As pointed out above, usually a compound functions as a single word in a clause. In an elliptic compound construction, however, one or more compound constituent, either at the beginning or at the end of the compound, can be omitted and replaced by a hyphen for abbreviation purposes in a list of compounds (Hakulinen, 2004, p. 420). Examples of such compounds are:

viini=pullo ja -lasi which is abbreviated from viini=pullo ja viini=lasi ("wine bottle and wine glass")

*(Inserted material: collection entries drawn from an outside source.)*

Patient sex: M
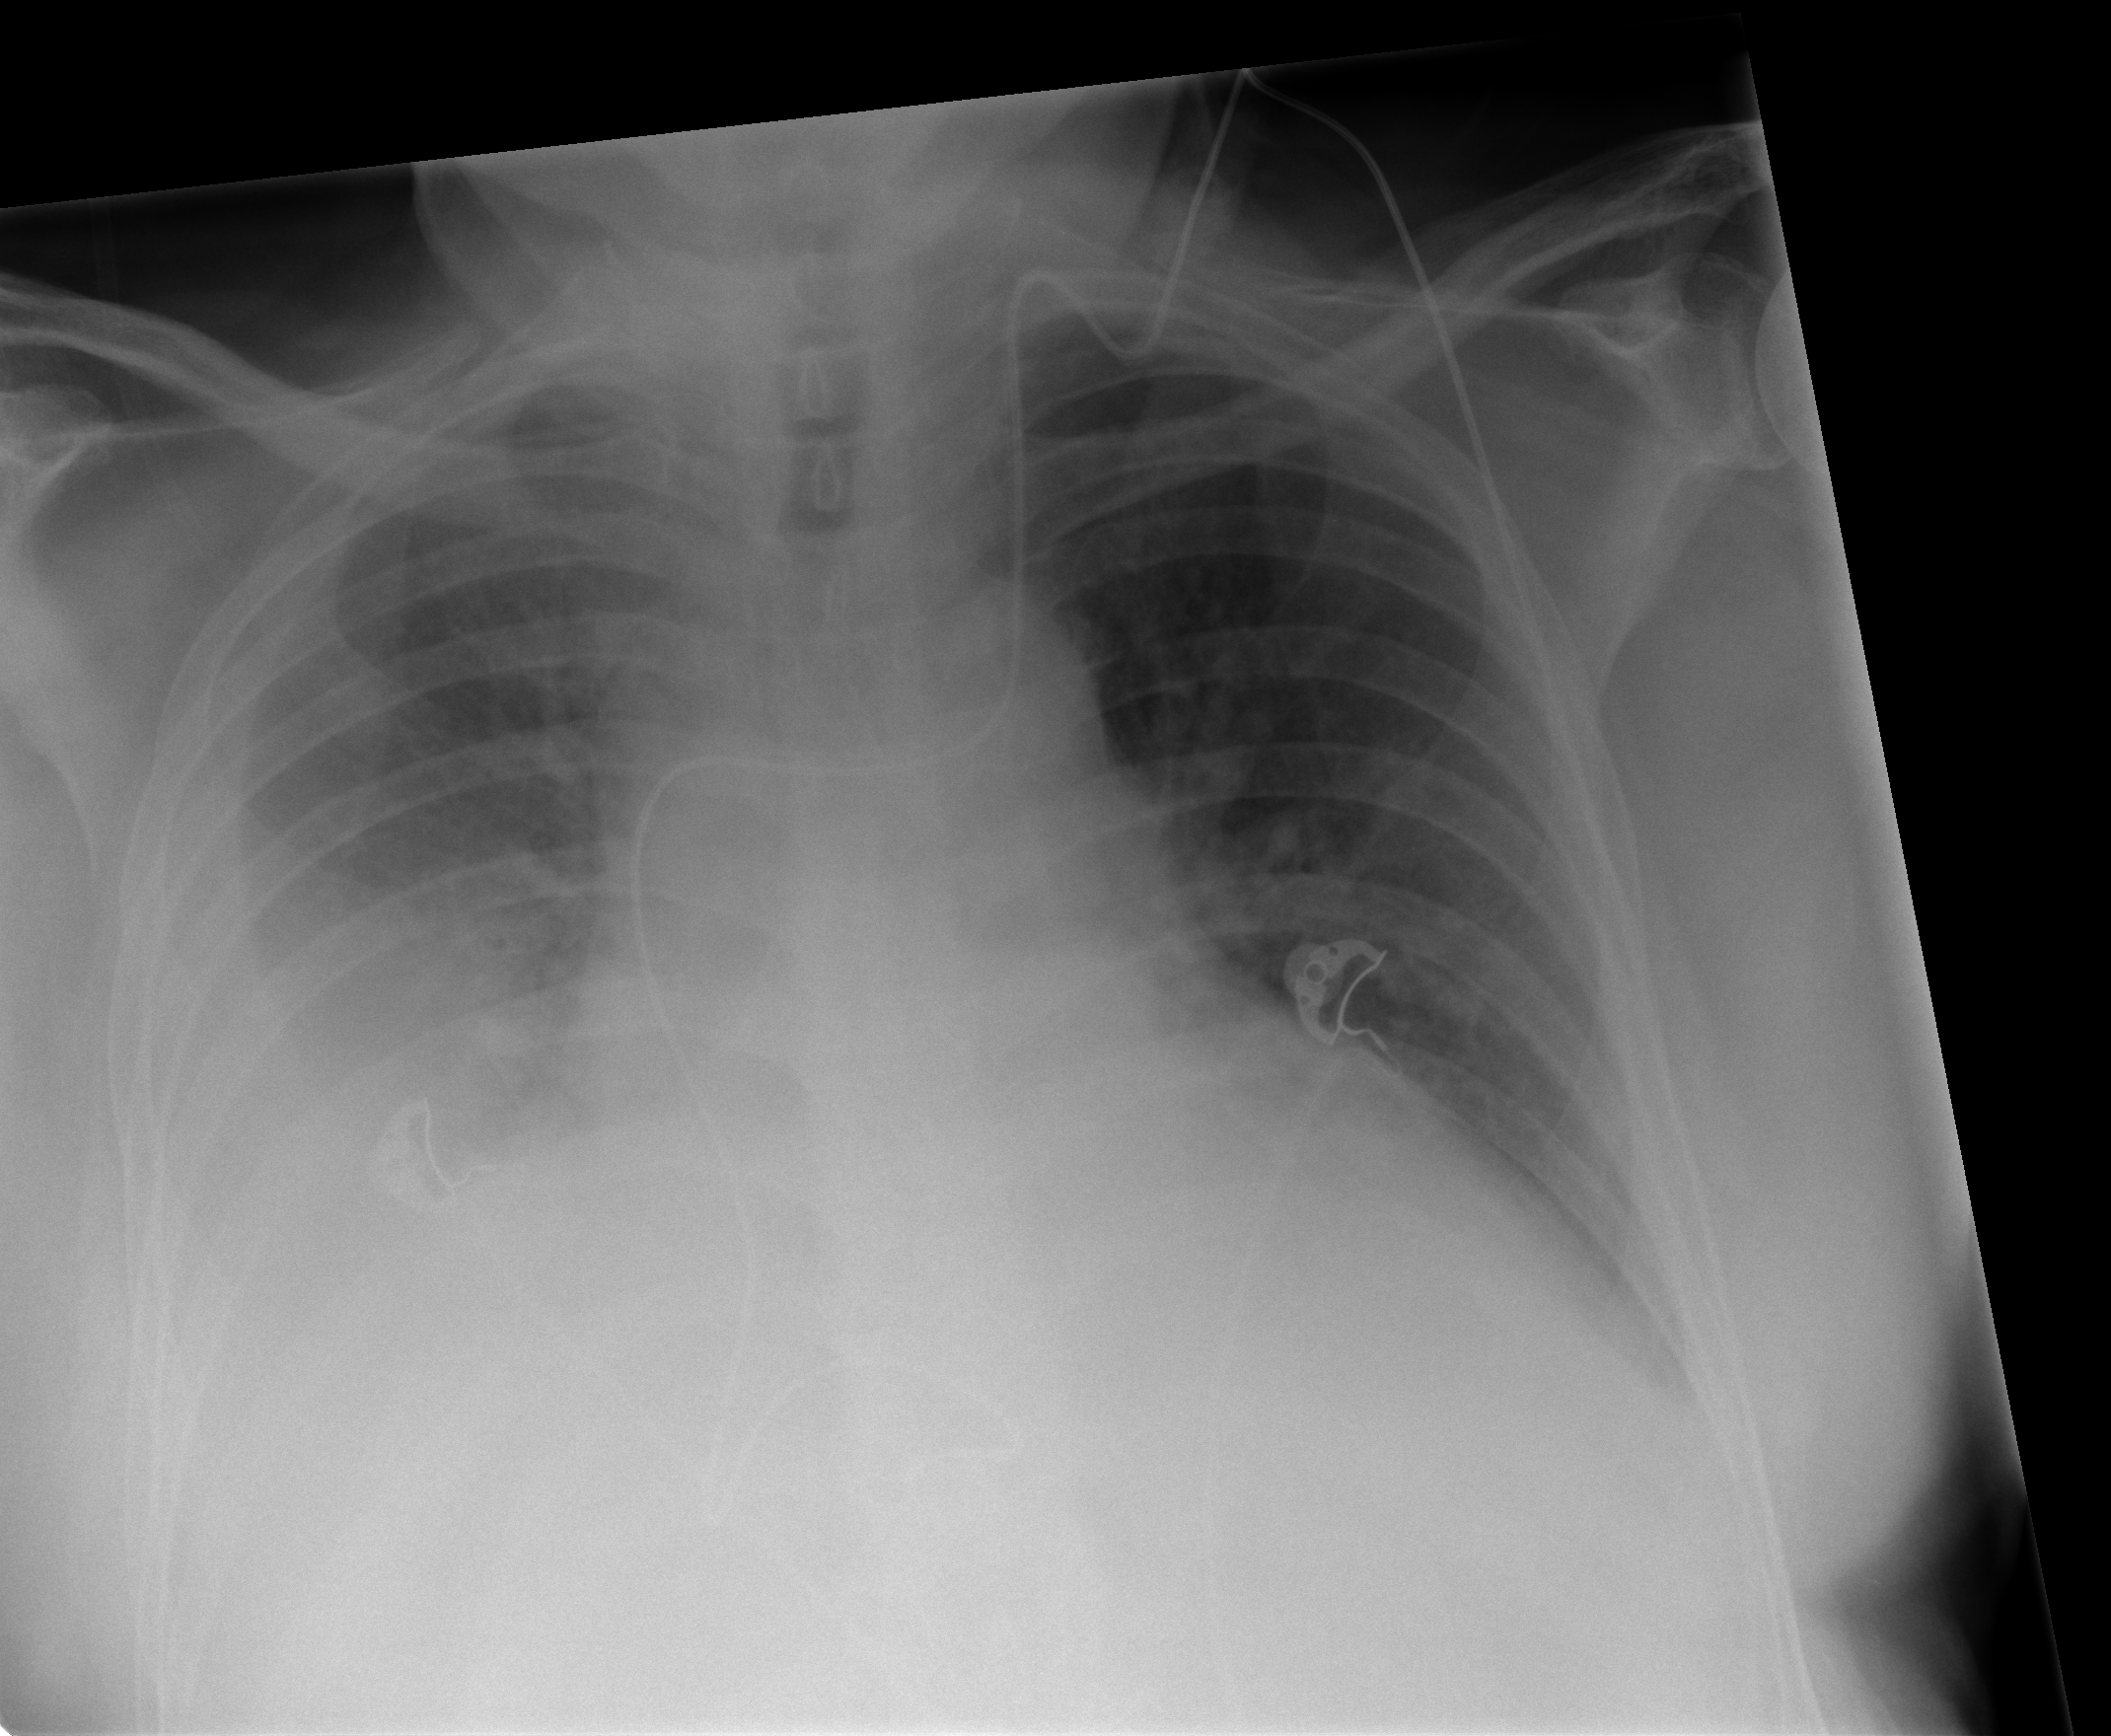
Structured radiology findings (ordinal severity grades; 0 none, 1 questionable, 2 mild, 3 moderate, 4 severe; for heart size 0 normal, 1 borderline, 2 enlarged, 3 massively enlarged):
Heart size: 2
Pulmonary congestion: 2
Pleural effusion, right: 3
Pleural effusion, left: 0
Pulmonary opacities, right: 1
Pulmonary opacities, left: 0
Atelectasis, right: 2
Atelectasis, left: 1

kana- liha- tai kasvis=keitto which is abbreviated from kana=keitto, liha=keitto

taikasvis=keitto ("chicken soup, meat soup, or vegetable soup")

Elliptic compound constructions are very seldom found in dictionaries, but they appear relatively frequently in running text.

Understanding the meaning of a compound which consists of many constituents and is not included in a dictionary is not usually very difficult for a human being, since he can

intuitively split such words and look for the meaning of the constituents separately, if need be. However, this task is far more complicated for a computer, since if a word is not included in a dictionary or a lexicon, it remains unidentified. Thus, where there is a need to analyze Finnish text automatically, it is necessary to develop mechanisms which help the program to identify and process all possible instances of Finnish compounds. One such mechanism is the

"compound engine" which we developed in the Benedict project. The compound engine will be described in section 3.3.2.